The coach rumbled up the driveway, and came to a stop before the front entry. At once the arched oaken door swung open, and several servants hurried out to aid the vehicle’s occupants. The door to the carriage was opened, its steps pulled down, and a hand was thrust in to help Aidan descend.
“Welcome home, Mistress Aidan!” said the white-haired butler.

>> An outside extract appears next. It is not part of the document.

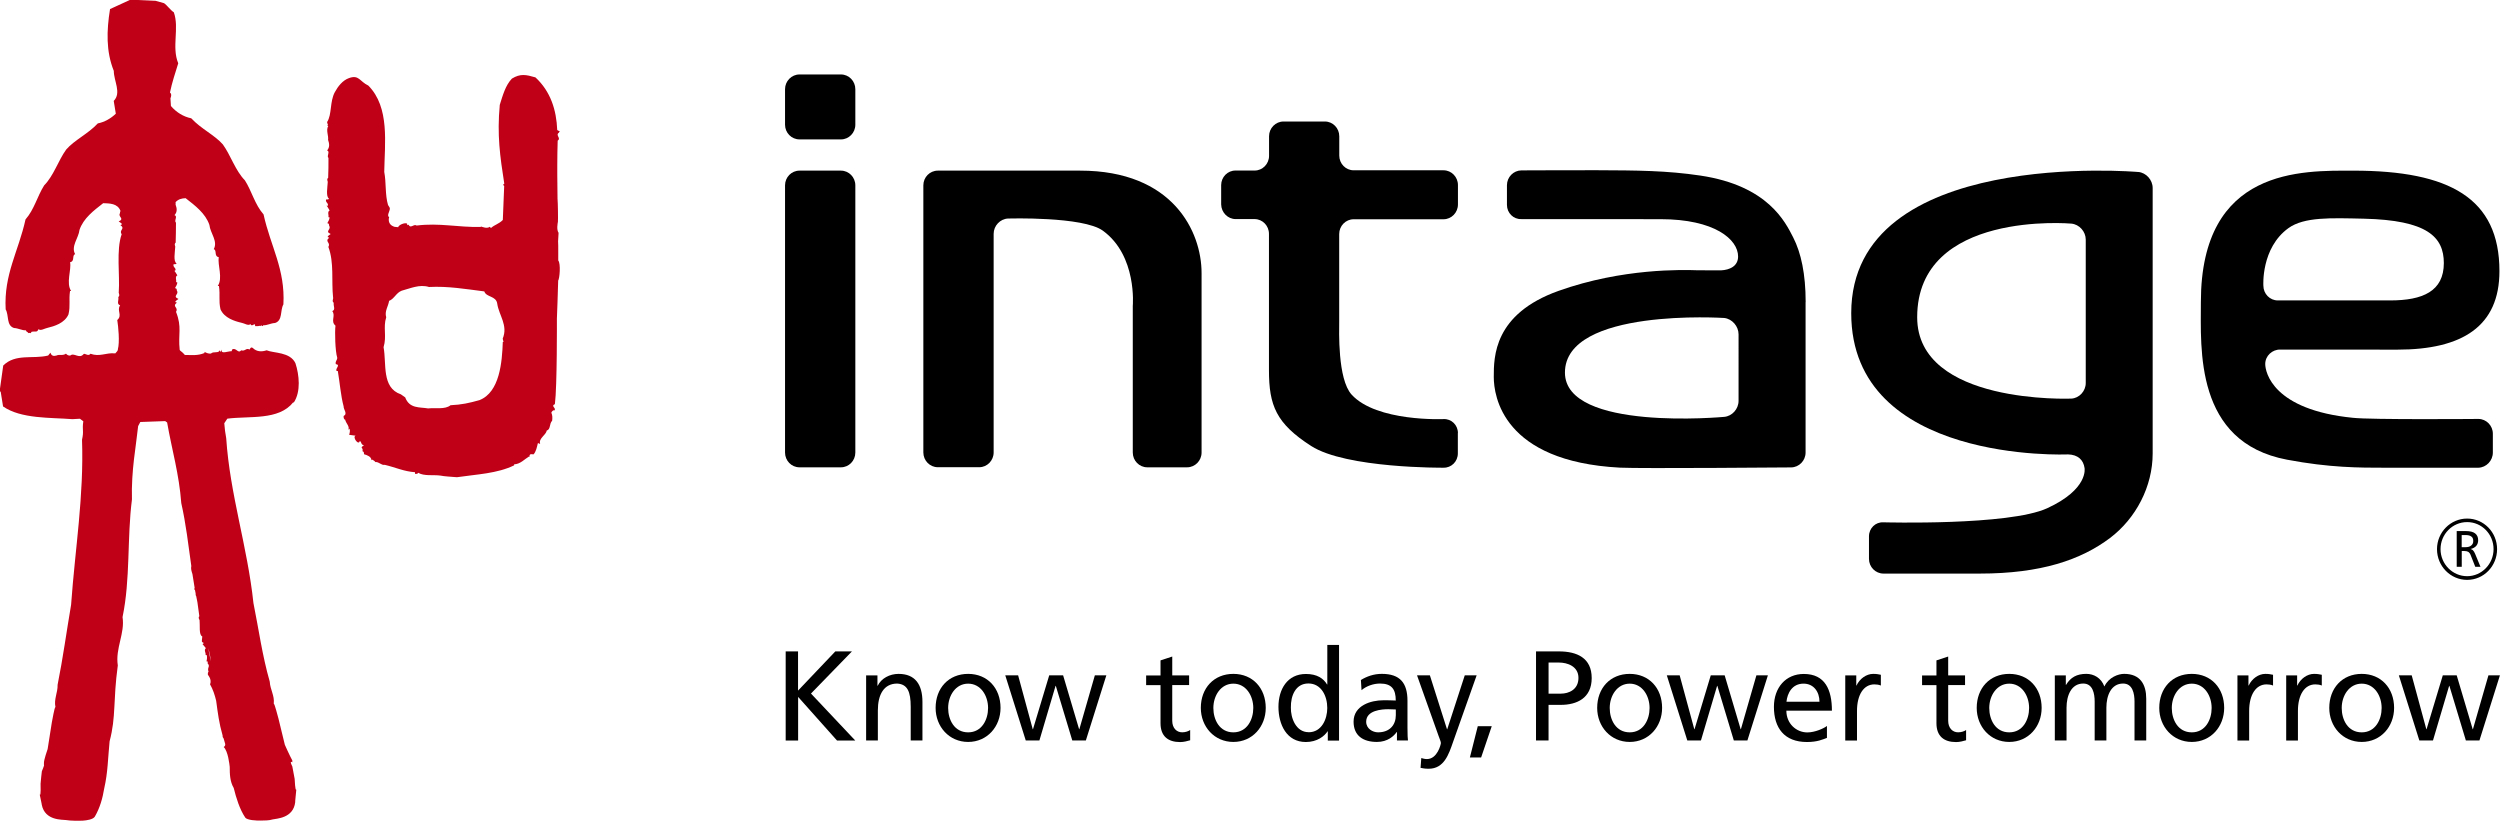 <svg fill="none" height="44" viewBox="0 0 134 44" width="134" xmlns="http://www.w3.org/2000/svg" xmlns:xlink="http://www.w3.org/1999/xlink"><clipPath id="a"><path d="m0 0h134v44h-134z"/></clipPath><g clip-path="url(#a)"><g fill="#000"><path d="m42.108 34.915h.667v2.101l1.998-2.101h.891l-2.196 2.259 2.373 2.518h-.978l-2.084-2.338v2.338h-.667v-4.773z"/><path d="m46.419 36.203h.612v.554h.013c.19-.396.642-.637 1.12-.637.883 0 1.279.563 1.279 1.499v2.07h-.629v-1.806c0-.813-.176-1.209-.723-1.244-.715 0-1.038.589-1.038 1.437v1.613h-.629v-3.49z"/><path d="m51.893 36.12c1.038 0 1.736.765 1.736 1.824 0 .998-.711 1.824-1.736 1.824-1.025 0-1.744-.826-1.744-1.824 0-1.059.698-1.824 1.744-1.824zm0 3.134c.736 0 1.068-.686 1.068-1.305 0-.664-.396-1.305-1.068-1.305-.672 0-1.072.642-1.072 1.305 0 .624.327 1.305 1.072 1.305z"/><path d="m58.206 39.688h-.732l-.883-2.927h-.013l-.866 2.927h-.732l-1.098-3.49h.689l.784 2.888h.013l.87-2.888h.745l.857 2.888h.013l.831-2.888h.616l-1.098 3.49z"/><path d="m63.736 36.721h-.904v1.907c0 .404.241.624.53.624.194 0 .336-.061.431-.123v.549c-.142.04-.336.097-.538.097-.65 0-1.051-.316-1.051-1.011v-2.039h-.771v-.519h.771v-.809l.629-.206v1.011h.904z"/><path d="m66.108 36.12c1.038 0 1.736.765 1.736 1.824 0 .998-.711 1.824-1.736 1.824-1.025 0-1.744-.826-1.744-1.824 0-1.059.698-1.824 1.744-1.824zm0 3.134c.736 0 1.068-.686 1.068-1.305 0-.664-.396-1.305-1.068-1.305s-1.072.642-1.072 1.305c0 .624.327 1.305 1.072 1.305z"/><path d="m71.173 39.196h-.013c-.168.259-.556.576-1.167.576-1.029 0-1.468-.936-1.468-1.885 0-.949.482-1.762 1.473-1.762.594 0 .939.237 1.133.563h.013v-2.119h.629v5.129h-.603v-.492zm-1.034.053c.711 0 1.003-.717 1.003-1.301 0-.65-.327-1.314-1.012-1.314-.685 0-.952.655-.939 1.292-.013.549.267 1.319.947 1.319z"/><path d="m72.943 36.449c.314-.193.689-.33 1.124-.33.978 0 1.374.492 1.374 1.442v1.442c0 .396.013.58.026.686h-.59v-.453h-.013c-.146.211-.482.532-1.059.532-.736 0-1.253-.33-1.253-1.086 0-.875.939-1.147 1.589-1.147.25 0 .422 0 .672.013 0-.602-.215-.91-.844-.91-.357 0-.736.136-.991.356l-.034-.549zm1.869 1.578c-.134 0-.267-.013-.401-.013-.34 0-1.184.053-1.184.672 0 .369.349.567.637.567.624 0 .952-.396.952-.919v-.308z"/><path d="m76.186 40.633c.082.026.19.053.297.053.564 0 .749-.795.749-.861 0-.075-.082-.255-.12-.369l-1.159-3.257h.689l.917 2.888h.013l.939-2.888h.637l-1.262 3.564c-.233.672-.482 1.442-1.313 1.442-.202 0-.314-.026-.431-.048l.039-.527z"/><path d="m79.209 38.924h.749l-.569 1.675h-.603z"/><path d="m82.331 34.915h1.227c.96 0 1.757.343 1.757 1.429 0 1.086-.81 1.437-1.654 1.437h-.659v1.907h-.672zm.672 2.264h.663c.413 0 .939-.211.939-.844s-.616-.822-1.034-.822h-.568v1.661z"/><path d="m87.353 36.12c1.038 0 1.736.765 1.736 1.824 0 .998-.711 1.824-1.736 1.824-1.025 0-1.744-.826-1.744-1.824 0-1.059.698-1.824 1.744-1.824zm0 3.134c.736 0 1.064-.686 1.064-1.305 0-.664-.396-1.305-1.064-1.305s-1.072.642-1.072 1.305c0 .624.327 1.305 1.072 1.305z"/><path d="m93.665 39.688h-.732l-.883-2.927h-.013l-.866 2.927h-.732l-1.098-3.49h.689l.784 2.888h.013l.87-2.888h.745l.857 2.888h.013l.831-2.888h.616l-1.098 3.49z"/><path d="m97.933 39.548c-.241.088-.517.224-1.081.224-1.21 0-1.77-.752-1.77-1.886 0-1.033.637-1.762 1.602-1.762 1.141 0 1.507.848 1.507 1.969h-2.442c0 .69.53 1.165 1.124 1.165.413 0 .896-.22 1.051-.347v.642zm-.409-1.934c0-.532-.31-.971-.853-.971-.616 0-.87.519-.917.971z"/><path d="m98.906 36.203h.59v.541h.013c.168-.365.53-.624.892-.624.189 0 .28.022.413.048v.576c-.116-.048-.241-.061-.349-.061-.564 0-.93.545-.93 1.424v1.587h-.629z"/><path d="m105.327 36.721h-.904v1.907c0 .404.241.624.53.624.194 0 .336-.061.43-.123v.549c-.142.04-.336.097-.538.097-.65 0-1.051-.316-1.051-1.011v-2.039h-.771v-.519h.771v-.809l.629-.206v1.011h.904z"/><path d="m107.696 36.12c1.038 0 1.736.765 1.736 1.824 0 .998-.711 1.824-1.736 1.824s-1.744-.826-1.744-1.824c0-1.059.698-1.824 1.744-1.824zm0 3.134c.737 0 1.064-.686 1.064-1.305 0-.664-.396-1.305-1.064-1.305-.667 0-1.072.642-1.072 1.305 0 .624.327 1.305 1.072 1.305z"/><path d="m110.138 36.203h.59v.505h.013c.241-.404.581-.589 1.085-.589.396 0 .792.206.969.677.232-.497.749-.677 1.059-.677.87 0 1.184.576 1.184 1.332v2.237h-.628v-2.079c0-.431-.099-.971-.612-.971-.641 0-.896.642-.896 1.292v1.758h-.628v-2.079c0-.431-.099-.971-.612-.971-.641 0-.896.642-.896 1.292v1.758h-.628v-3.49z"/><path d="m117.48 36.12c1.038 0 1.736.765 1.736 1.824 0 .998-.711 1.824-1.736 1.824-1.024 0-1.744-.826-1.744-1.824 0-1.059.698-1.824 1.744-1.824zm0 3.134c.737 0 1.064-.686 1.064-1.305 0-.664-.396-1.305-1.064-1.305-.667 0-1.072.642-1.072 1.305 0 .624.327 1.305 1.072 1.305z"/><path d="m119.927 36.203h.59v.541h.013c.168-.365.529-.624.891-.624.185 0 .28.022.414.048v.576c-.112-.048-.242-.061-.349-.061-.564 0-.931.545-.931 1.424v1.587h-.628z"/><path d="m122.536 36.203h.59v.541h.013c.168-.365.53-.624.891-.624.19 0 .28.022.418.048v.576c-.112-.048-.241-.061-.349-.061-.564 0-.93.545-.93 1.424v1.587h-.629v-3.49z"/><path d="m126.588 36.12c1.038 0 1.736.765 1.736 1.824 0 .998-.711 1.824-1.736 1.824-1.024 0-1.739-.826-1.739-1.824 0-1.059.697-1.824 1.739-1.824zm0 3.134c.737 0 1.068-.686 1.068-1.305 0-.664-.396-1.305-1.068-1.305-.671 0-1.072.642-1.072 1.305 0 .624.327 1.305 1.072 1.305z"/><path d="m132.902 39.688h-.732l-.883-2.927h-.013l-.866 2.927h-.732l-1.098-3.49h.689l.784 2.888h.013l.87-2.888h.745l.857 2.888h.013l.831-2.888h.616l-1.098 3.49z"/></g><path d="m15.921 42.321c.018-.053.026-.176 0 0z" fill="#bf0017"/><path d="m2.158 42.589c-.04-.171-.022-.053 0 0z" fill="#bf0017"/><path d="m15.748 21.576c.388-.593.289-1.481.09-2.101-.284-.62-1.163-.536-1.546-.699-.263.088-.534.084-.745-.127-.099-.062-.125.013-.172.088-.185-.114-.237.114-.448.04-.125.163-.233-.04-.357-.066-.125-.026-.138.04-.151.114-.176-.013-.607.189-.534-.092l-.065.127-.06-.088c0 .18-.344.048-.448.176-.151.026-.284-.053-.349-.088v.061c-.379.154-.672.105-1.055.105-.138-.171-.25-.211-.276-.268-.095-.861.134-1.209-.198-2.044.151-.242-.233-.277.047-.492l-.086-.035c.004-.062.116-.114.172-.163-.349-.149.052-.251-.086-.44-.009-.026.013-.141-.103-.136.047-.097.138-.215.121-.321h-.065c.047-.101-.078-.294.073-.369-.065-.119-.146-.229-.194-.286l.06.057c.129-.154-.125-.189-.069-.365 0-.013.138.026.159-.048-.185-.105-.082-.62-.069-.897-.017-.079-.06-.145.022-.215.004-.317.022-.734.017-1.068-.121-.101.112-.347-.078-.404.159-.176.129-.369.056-.567.009-.04.004-.084 0-.128.142-.158.323-.206.538-.215.508.396 1.064.813 1.275 1.433.047.444.469.875.233 1.301.185.053 0 .378.271.431-.077.417.233 1.116-.056 1.543h.065c.073.519-.026.769.082 1.248.207.47.754.637 1.137.725.151.026.357.18.469.066.086.202.263-.145.25.11h.159c.026-.013.146-.031.121.009.086-.127.103.075.155-.053.198.013.409-.114.633-.123.422-.136.263-.672.448-.998.103-1.885-.685-3.099-1.064-4.822-.469-.532-.629-1.244-.999-1.824-.521-.536-.754-1.332-1.184-1.929-.444-.505-1.176-.839-1.692-1.398-.422-.084-.81-.33-1.09-.659l-.026-.418c.039-.075.078-.237-.026-.303.116-.558.276-1.024.444-1.569-.362-.875.069-1.886-.237-2.734-.168-.101-.37-.387-.525-.488l-.452-.127-1.344-.062-1.098.505c-.185 1.152-.22 2.264.202 3.314 0 .545.422 1.178-.004 1.609l.112.686c-.267.255-.603.448-.965.519-.517.558-1.249.888-1.692 1.398-.431.593-.663 1.393-1.184 1.925-.37.585-.53 1.292-.999 1.824-.379 1.723-1.167 2.936-1.064 4.822.185.325.026.862.448.998.224.009.435.136.633.123.052.127.065.035.146.163-.022-.04.086-.022.112-.009l.052-.075c.202-.044.284.061.37-.141.112.11.323-.04.469-.066.383-.092.93-.255 1.137-.725.112-.483.009-.734.082-1.253h.06c-.284-.426.022-1.125-.056-1.543.271-.053.086-.378.271-.431-.237-.426.185-.862.233-1.301.207-.62.762-1.037 1.27-1.433.323.013.779 0 .93.422-.034.035-.026.097-.03.114-.129.198.271.286-.069.444.056.044.168.092.177.154l-.086.04c.289.207-.095.255.069.488-.301.844-.09 2.22-.155 3.081-.03.066.09.206-.026.286.039.185-.108.373.099.448-.198.268.138.532-.155.787.056.325.138 1.191.034 1.556.009.092-.078.158-.146.237-.009 0-.017-.004-.022-.009-.482-.04-.81.202-1.301.022-.125.176-.323-.079-.383.035-.224.251-.508-.114-.698.061-.086.013-.172-.026-.233-.101-.172.128-.357.022-.508.101-.164.048-.276.013-.323-.154l-.125.154c-.818.202-1.748-.119-2.407.536l-.198 1.415.06-.026.129.804c.965.672 2.541.589 3.716.681.112 0 .267-.022.405-.022l.181.136c-.073.497.043.483-.069.989.103 3.042-.366 5.788-.586 8.848-.241 1.411-.435 2.857-.723 4.285.013.417-.207.778-.116 1.191-.06.04-.159.677-.194.831l-.224 1.424s-.215.607-.198.76v.101c.039-.026-.112.33-.112.33-.022.18-.052.448-.069.672.017.598-.017.624-.047.567.017.084.052.237.103.497l.009.061c.172.866 1.115.787 1.301.818.207.04.68.044.909.031.194-.013.547-.062.637-.22.267-.462.413-.976.5-1.508.198-.866.198-1.631.289-2.527.353-1.332.177-2.149.439-4.066-.142-.91.392-1.723.254-2.589.426-2.039.237-4.219.504-6.303-.043-1.56.22-2.853.332-3.934l.116-.22 1.335-.048.103.075c.263 1.503.642 2.76.758 4.321.25 1.103.379 2.241.538 3.371-.035.136.013.286.06.431.039.251.077.501.12.747-.009.026-.017.048-.034.075.021 0 .034.009.047.018.013.066.026.132.039.198-.004.057 0 .11.03.145.021.11.043.22.065.325.039.255.069.527.103.751-.069.079-.017.141.013.215.03.277-.047.795.146.87-.009.079-.022.193-.022.211-.026.18.159.044.056.215l-.065-.048c.052.048.146.141.224.251-.129.097.017.264-.017.369h.06c.03.097.017.237-.013.339.112-.018.052.088.065.11.159.167-.043.211.047.444-.047.053-.039.101-.035.167 0 0 .228.251.116.51.155.268.254.571.327.879.09.668.159 1.218.344 1.855 0 .053 0 .11.047.145.009.031.021.062.03.092.03.158.142.29-.017.387.237.229.306.932.323 1.064 0 .396.013.791.215 1.134.129.527.319 1.143.616 1.582.099.149.629.167.818.163.228-.004.452 0 .655-.062.181-.048 1.107-.048 1.206-.927v-.062c.03-.264.047-.541.06-.624-.021.062-.06.035-.09-.563-.039-.224-.09-.488-.125-.664 0 0-.181-.343 0-.22v-.101c-.142-.255-.401-.84-.401-.84l-.34-1.398c-.047-.149-.194-.774-.254-.809.052-.422-.194-.76-.215-1.178-.401-1.398-.59-2.804-.874-4.211-.323-3.046-1.258-5.806-1.46-8.843-.086-.47-.047-.308-.103-.795l.164-.246c1.193-.154 2.756.105 3.531-.875zm-4.586 13.168c.069.233.121.466.138.708z" fill="#bf0017"/><path d="m29.904 11.911c.013-.145 0-1.028-.021-1.266-.004-.426-.009-.857-.013-1.288 0-.171.004-.343 0-.51 0-.435.009-.875.022-1.31.202-.132-.138-.286.065-.426.069-.163.077-.022-.09-.141-.043-1.077-.353-2.066-1.167-2.822-.504-.145-.805-.215-1.262.066-.349.365-.491.905-.65 1.406-.151 1.626.013 2.747.241 4.224l-.065.062.06.066-.073 1.82c-.22.22-.431.246-.637.431l-.06-.066c-.155.11-.375.013-.482-.018v.026c-1.24.026-2.213-.229-3.445-.075-.134-.11-.327.189-.422-.044l-.086.022c.095-.211-.444-.057-.474.11-.086-.018-.198 0-.271-.048-.207-.084-.276-.29-.215-.492-.168-.097.103-.374.021-.519l-.082-.132c-.164-.554-.09-1.195-.202-1.771.022-1.53.306-3.459-.853-4.628-.478-.229-.499-.598-1.042-.4-.336.119-.59.448-.754.752-.276.505-.151 1.204-.413 1.6-.009.075.095.163 0 .215h.06c-.134.224.026.519-.009.743.069.198.099.391-.052.567.181.057-.043.303.073.4.009.33-.009.747-.017 1.068-.082.066-.039.136-.021.215-.013.277-.112.791.065.897-.017.075-.155.035-.155.048-.056.172.19.207.065.36l-.056-.057c.043.057.12.163.181.286-.142.075-.026.264-.069.36h.06c.017.11-.069.229-.116.325.112 0 .09.11.099.136.134.193-.25.294.082.44-.056.044-.159.097-.164.163l.086.035c-.267.215.099.255-.047.492.319.831.159 1.846.254 2.708.03.066-.082.211.035.286-.03.189.116.369-.078.448.198.259-.112.536.172.782-.043.325-.017 1.363.095 1.723-.004.141-.12.185-.077.338.284.04-.056.237.047.369h.06c.103.589.159 1.336.31 1.89-.009.176.233.4.004.519-.013.04 0 .202.077.193.043.206.271.378.164.549l.065-.062c.047.066.03.202-.013.33l.349.048c-.198.057.164.567.224.277.108.079.052.211.224.233-.267.18-.021.097-.082.321.082.053.065.009.086.163.159.044.392.128.396.321l.039-.035c.06.04.134.07.168.132.198-.018.327.189.504.149.577.136 1.029.356 1.623.396v.088c.06 0 .134.018.172-.057.314.189.805.097 1.184.149.233.048.594.061.891.088 1.072-.158 2.153-.193 3.066-.637v-.053c.336-.013.56-.281.801-.422l.026.026v-.088c.043-.101.142-.044.215-.053.129-.136.181-.391.228-.593.052-.022.073.04.125.031-.099-.294.314-.466.349-.708.228-.079.125-.352.293-.532.017-.154.022-.277-.043-.431.026-.062.095-.158.176-.119.056-.136-.082-.154-.077-.268.026-.026.052-.075.09-.057.125-.945.108-4.597.108-4.589 0 0 .065-1.67.069-2.044.077-.105.146-.914.004-1.081 0-.119 0-.237 0-.356.009-.268-.009-.668-.009-.668 0-.048.03-.435.026-.457-.121-.189-.043-.514-.043-.554zm-2.907 6.421h-.047c-.039 1.059-.159 2.69-1.253 3.116-.564.158-.939.242-1.55.273-.293.242-.81.123-1.197.171-.457-.079-1.003.022-1.232-.593l-.233-.163c-1.042-.356-.758-1.635-.926-2.527.181-.589-.035-1.055.142-1.604-.099-.321.108-.576.155-.879.276-.105.375-.431.676-.545.465-.123.956-.356 1.46-.198 1.016-.053 1.968.11 2.967.237.099.321.637.229.693.659.09.624.59 1.16.293 1.872l.043.18z" fill="#bf0017"/><g fill="#000"><path d="m61.492 25.048c-.426 0-.775-.356-.775-.791v-7.859s.245-2.694-1.606-4.035c-1.064-.769-5.077-.65-5.077-.65-.426.018-.775.387-.775.822v11.717c0 .435-.349.791-.771.791h-2.222c-.426 0-.775-.356-.775-.791v-14.319c0-.435.349-.787.775-.787h7.631c4.97 0 6.507 3.266 6.507 5.49v9.621c0 .435-.349.791-.775.791z"/><path d="m78.145 23.215c0-.435-.349-.774-.775-.752 0 0-3.579.158-4.922-1.31-.762-.835-.667-3.455-.667-3.89v-4.72c0-.435.349-.791.775-.791h4.819c.426 0 .771-.36.771-.791v-1.042c0-.435-.349-.791-.771-.791h-4.819c-.426 0-.771-.356-.771-.787v-1.037c0-.435-.344-.791-.771-.791h-2.218c-.426 0-.775.356-.775.791v1.05c0 .435-.349.787-.771.787h-1.025c-.426-.004-.771.352-.771.782v1.033c.009.435.357.787.779.787h1.012c.426 0 .771.356.771.791v7.309c0 1.894.388 2.857 2.261 4.061 1.873 1.209 7.088 1.165 7.088 1.165.426.013.775-.33.775-.765v-1.094z"/><path d="m96.779 16.196v8.061c0 .435-.349.791-.775.796 0 0-8.062.07-9.177.013-6.283-.33-6.761-3.841-6.761-4.861 0-1.072-.004-3.376 3.475-4.615 3.432-1.222 6.653-1.13 7.459-1.103.09 0 1.245.004 1.245.004.465-.022.917-.224.917-.743 0-.914-1.258-2-4.156-2-2.898 0-7.459-.004-7.459-.004-.426.018-.775-.33-.775-.76v-1.055c0-.435.349-.791.775-.796 0 0 3.178-.013 4.022-.009 2.175.009 3.772.018 5.564.286 3.643.541 4.565 2.505 4.983 3.318.422.826.667 1.96.667 3.463zm-3.592 1.727c0-.435-.344-.831-.766-.879 0 0-8.54-.563-8.54 2.927 0 3.173 8.535 2.373 8.535 2.373.426-.035.771-.422.771-.857z"/><path d="m114.613 9.217c.422.04.77.426.77.862v14.227c0 1.771-.895 3.477-2.286 4.531-1.559 1.173-3.704 1.907-6.977 1.907h-5.168c-.426 0-.775-.356-.775-.787v-1.209c0-.435.349-.773.771-.752 0 0 6.731.189 8.785-.756 2.231-1.028 1.999-2.154 1.999-2.154-.061-.431-.349-.716-.888-.73 0 0-11.618.519-11.618-7.568 0-8.918 15.382-7.569 15.382-7.569zm-2.817 3.626c0-.431-.344-.818-.771-.857 0 0-8.264-.734-8.264 5.019 0 4.703 8.264 4.36 8.264 4.36.422-.022.771-.4.771-.835v-7.696z"/><path d="m45.846 24.257c0 .435-.344.791-.771.791h-2.226c-.426 0-.771-.356-.771-.791v-14.324c0-.435.349-.787.771-.787h2.226c.426 0 .771.356.771.787z"/><path d="m45.075 7.472c.426 0 .771-.356.771-.787v-1.903c0-.435-.344-.791-.771-.791h-2.222c-.426 0-.775.356-.775.791v1.903c0 .435.349.787.775.787z"/><path d="m117.967 16.192c0-7.23 5.448-7.045 8.178-7.045 5.151 0 7.825 1.477 7.825 5.384 0 2.954-1.981 4.21-5.469 4.21-.104 0-6.279-.004-6.279-.004-.427-.009-.805.334-.805.774s.409 2.457 4.698 2.883c.952.11 6.727.061 6.727.061.426 0 .775.36.775.791v1.011c0 .435-.349.8-.775.813 0 0-3.566 0-4.979 0-1.412 0-2.997 0-5.279-.431-4.961-.936-4.617-5.955-4.617-8.452zm13.023-2.088c0-1.411-.896-2.303-4.289-2.382-1.766-.04-3.196-.101-4.04.505-1.477 1.068-1.344 3.085-1.344 3.085 0 .435.349.791.771.791h6.021c1.748 0 2.881-.488 2.881-2.004z"/><path d="m131.687 30.379h.263v-.844h.151c.086 0 .155.018.206.048.048.04.091.088.121.172l.246.624h.279l-.284-.686c-.039-.088-.073-.154-.112-.189-.034-.04-.082-.057-.133-.079.129-.026.232-.088.301-.163.069-.084.104-.18.104-.308 0-.158-.056-.281-.164-.365-.103-.079-.267-.123-.482-.123h-.504v1.907zm.457-1.701c.142 0 .254.026.318.079.074.048.104.132.104.242s-.039.185-.112.242c-.073.062-.177.088-.306.088h-.202v-.65h.194"/><path d="m130.623 29.434c0 .91.724 1.648 1.615 1.648s1.606-.738 1.606-1.648-.719-1.639-1.606-1.639-1.615.734-1.615 1.639zm.19 0c0-.8.637-1.45 1.425-1.45s1.417.65 1.417 1.45c0 .8-.642 1.45-1.417 1.45s-1.425-.646-1.425-1.45z"/></g></g></svg>

“Thank ye, Beal, but ’tis Lady Bliss now, and this gentleman is the new Lord Bliss.” She waved her hand at Conn who had descended the coach behind her. “Let us go inside. Are all the servants assembled? I shall explain everything.” They hurried into the building entering through a covered porch that opened into a long hallway. Aidan led the way into the Great Hall which was on the left, and separated from the corridor by two beautifully carved screens that sat on either side of the entry to the Great Hall.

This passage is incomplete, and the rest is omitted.